I liked that the size of the bun was almost exactly the same diameter as the burger (I dislike undersized and despise oversized). I’m not big on sugar in my brioche dough but I presume that’s what most people want and the bread did have a light and fluffy texture. The toasting did add a flakiness to the crust but it also added some burn to the flavor.

You will need a knife and fork before you get through the burger as the bun did fall apart about halfway through eating it. It was a nice sacrifice when you consider it was mostly because of those delicious meat juices.

As far as dressing the burger, Bovine has made a bold move by deciding that a burger is best with only cheddar (medium-aged I would guess) and caramelized onions (that came swimming in a wonderfully rich beef juice) and not listing any other possible add-ons on their menu.

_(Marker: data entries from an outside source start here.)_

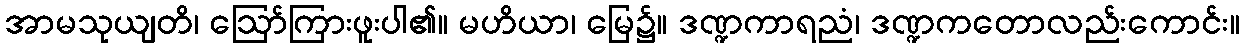
အာမသုယျတိ၊ ဩော်ကြားဖူးပါ၏။ မဟိယာ၊ မြေ၌။ ဒဏ္ဍကာရညံ၊ ဒဏ္ဍကတောလည်းကောင်း။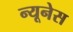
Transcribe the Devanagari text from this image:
न्यूनेस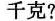
千克?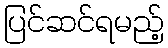
ပြင်ဆင်ရမည့်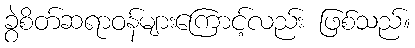
ခွဲစိတ်ဆရာဝန်များကြောင့်လည်း ဖြစ်သည်။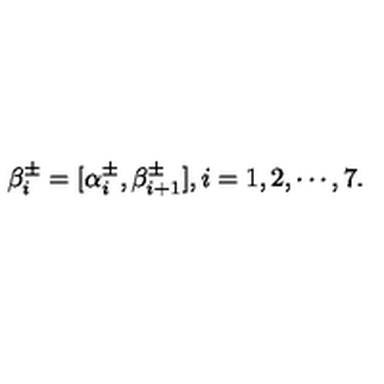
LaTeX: \beta _ { i } ^ { \pm } = [ \alpha _ { i } ^ { \pm } , \beta _ { i + 1 } ^ { \pm } ] , i = 1 , 2 , \cdots , 7 .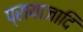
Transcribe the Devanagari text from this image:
प्रायाजादि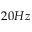
2 0 H z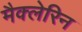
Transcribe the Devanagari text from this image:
मैक्लेरिन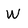
Character: W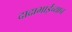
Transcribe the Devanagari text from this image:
दादाभाईंच्याच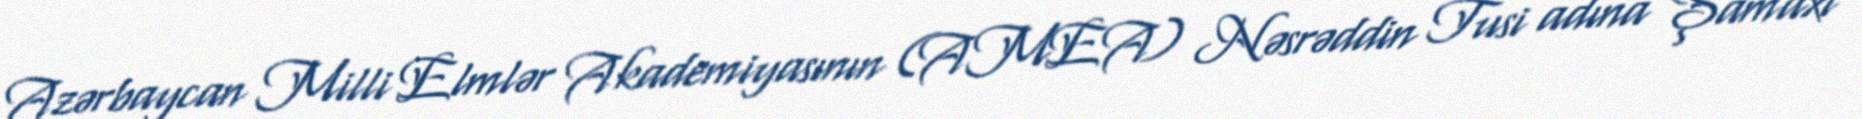
Azərbaycan Milli Elmlər Akademiyasının (AMEA) Nəsrəddin Tusi adına Şamaxı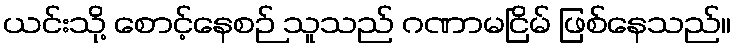
ယင်းသို့ စောင့်နေစဉ် သူသည် ဂဏာမငြိမ် ဖြစ်နေသည်။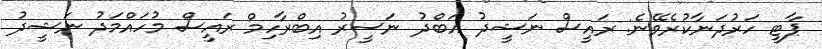
ޕާޓީ ހަރުދަނާކުރެވޭނެ: ރައީސް ނަޝީދު އަބްދު ނަސީރު އިބްރާހިމް ރައީސް މުހައްމަދު ނަޝީދު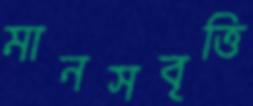
মানসবৃত্তি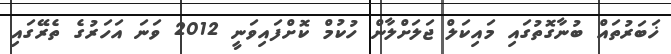
ޚަބަރުތައް ބުނާގޮތުގައި މައިކަލް ޖަލަށްލާން ހުކުމް ކޮށްފައިވަނީ 2012 ވަނަ އަހަރުގެ ތެރޭގައި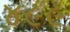
૪૯૯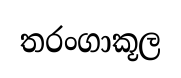
තරංගාකූල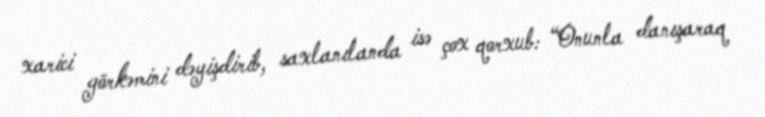
xarici görkəmini dəyişdirib, saxlanılanda isə çox qorxub: “Onunla danışaraq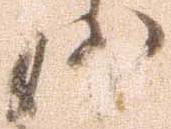
妙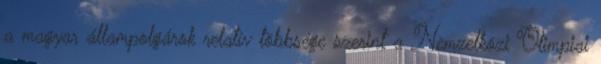
a magyar állampolgárok relatív többsége szerint a Nemzetközi Olimpiai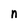
Character: n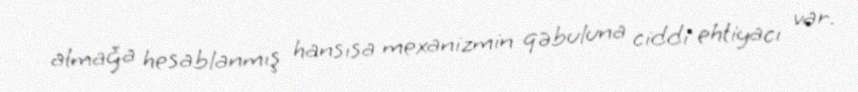
almağa hesablanmış hansısa mexanizmin qəbuluna ciddi ehtiyacı var.

“My wife likes her onions raw not fried”, I said to Chef Bentley. “Would the kitchen do that for her?”

“Of course”, said the chef.

“And if I wanted mustard?”

“No problem”, said the chef.

“And if someone wanted ketchup?”

“Well that I might suggest we put on the side”, he said with a bit of a smirk.

So back to that value proposition. Was my burger worth $390? Yes, it was. But that doesn’t mean I’m going to give up $100 burgers. Or even $50 burgers. It simply means that when I want a burger that’s very special, in a classy but relaxed environment, it will be at Bovine.

I’ll close with Paul Bentley’s words:

“You can enjoy Bovine at different levels. I want people to feel comfortable, if they’re just having a couple of cocktails and a few oysters at the bar, or sharing a couple of dishes, or experiencing what I hope is the best hamburger in town.”

Bovine is located at Canal #16 in San Miguel de Allende, Mexico. They are open for lunch and dinner Wednesday through Sunday. Dinner only on Tuesday. Closed on Monday.